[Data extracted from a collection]
****************************************

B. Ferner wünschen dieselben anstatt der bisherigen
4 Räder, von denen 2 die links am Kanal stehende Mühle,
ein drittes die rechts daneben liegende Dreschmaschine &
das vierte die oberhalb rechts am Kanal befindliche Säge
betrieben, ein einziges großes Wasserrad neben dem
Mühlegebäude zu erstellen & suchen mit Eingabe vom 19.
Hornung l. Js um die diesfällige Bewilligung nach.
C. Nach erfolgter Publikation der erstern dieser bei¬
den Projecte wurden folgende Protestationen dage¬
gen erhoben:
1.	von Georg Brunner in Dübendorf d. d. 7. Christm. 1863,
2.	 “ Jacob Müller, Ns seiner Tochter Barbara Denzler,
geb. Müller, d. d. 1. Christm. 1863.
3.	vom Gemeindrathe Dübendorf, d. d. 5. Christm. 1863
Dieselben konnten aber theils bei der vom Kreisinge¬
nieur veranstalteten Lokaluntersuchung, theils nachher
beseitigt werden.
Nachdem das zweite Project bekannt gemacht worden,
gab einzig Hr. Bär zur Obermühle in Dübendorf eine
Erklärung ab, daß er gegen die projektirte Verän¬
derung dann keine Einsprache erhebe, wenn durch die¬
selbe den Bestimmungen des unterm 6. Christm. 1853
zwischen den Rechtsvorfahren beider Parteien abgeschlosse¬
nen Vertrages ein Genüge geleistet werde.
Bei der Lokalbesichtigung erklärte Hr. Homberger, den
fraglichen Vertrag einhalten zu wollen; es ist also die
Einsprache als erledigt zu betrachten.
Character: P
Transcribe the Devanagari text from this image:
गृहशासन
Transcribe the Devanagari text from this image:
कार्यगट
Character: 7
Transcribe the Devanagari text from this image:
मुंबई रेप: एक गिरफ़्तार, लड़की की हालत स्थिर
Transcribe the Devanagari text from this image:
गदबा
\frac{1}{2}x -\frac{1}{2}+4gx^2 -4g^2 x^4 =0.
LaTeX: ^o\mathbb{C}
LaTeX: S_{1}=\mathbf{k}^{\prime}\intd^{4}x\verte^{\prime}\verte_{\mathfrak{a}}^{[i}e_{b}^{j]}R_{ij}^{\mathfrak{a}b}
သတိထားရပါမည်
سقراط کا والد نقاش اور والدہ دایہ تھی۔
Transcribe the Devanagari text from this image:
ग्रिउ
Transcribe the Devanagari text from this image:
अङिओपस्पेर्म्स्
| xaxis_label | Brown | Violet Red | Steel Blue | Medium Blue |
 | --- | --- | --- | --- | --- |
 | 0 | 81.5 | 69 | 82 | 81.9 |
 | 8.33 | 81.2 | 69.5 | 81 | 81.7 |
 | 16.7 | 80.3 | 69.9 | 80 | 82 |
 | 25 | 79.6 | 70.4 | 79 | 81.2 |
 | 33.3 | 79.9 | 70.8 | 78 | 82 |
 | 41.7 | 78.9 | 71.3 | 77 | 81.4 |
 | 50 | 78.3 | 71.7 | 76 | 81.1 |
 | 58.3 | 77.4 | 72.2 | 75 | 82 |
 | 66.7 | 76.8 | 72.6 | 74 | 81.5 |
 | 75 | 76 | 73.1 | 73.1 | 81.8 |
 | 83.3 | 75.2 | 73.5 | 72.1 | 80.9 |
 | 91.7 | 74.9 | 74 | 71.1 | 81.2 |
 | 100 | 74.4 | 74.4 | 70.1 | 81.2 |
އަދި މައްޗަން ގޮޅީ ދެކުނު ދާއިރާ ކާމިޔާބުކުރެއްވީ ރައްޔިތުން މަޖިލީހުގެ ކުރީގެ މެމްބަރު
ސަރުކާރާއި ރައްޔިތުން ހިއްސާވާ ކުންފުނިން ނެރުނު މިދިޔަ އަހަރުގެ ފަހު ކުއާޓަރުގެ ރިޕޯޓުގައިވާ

****************************************

_Activity_
Your task is to reproduce the entries exactly, starting at the first line and ending with the line containing "Nachdem das zweite".

_Written answer_
B. Ferner wünschen dieselben anstatt der bisherigen
4 Räder, von denen 2 die links am Kanal stehende Mühle,
ein drittes die rechts daneben liegende Dreschmaschine &
das vierte die oberhalb rechts am Kanal befindliche Säge
betrieben, ein einziges großes Wasserrad neben dem
Mühlegebäude zu erstellen & suchen mit Eingabe vom 19.
Hornung l. Js um die diesfällige Bewilligung nach.
C. Nach erfolgter Publikation der erstern dieser bei¬
den Projecte wurden folgende Protestationen dage¬
gen erhoben:
1.	von Georg Brunner in Dübendorf d. d. 7. Christm. 1863,
2.	 “ Jacob Müller, Ns seiner Tochter Barbara Denzler,
geb. Müller, d. d. 1. Christm. 1863.
3.	vom Gemeindrathe Dübendorf, d. d. 5. Christm. 1863
Dieselben konnten aber theils bei der vom Kreisinge¬
nieur veranstalteten Lokaluntersuchung, theils nachher
beseitigt werden.
Nachdem das zweite Project bekannt gemacht worden,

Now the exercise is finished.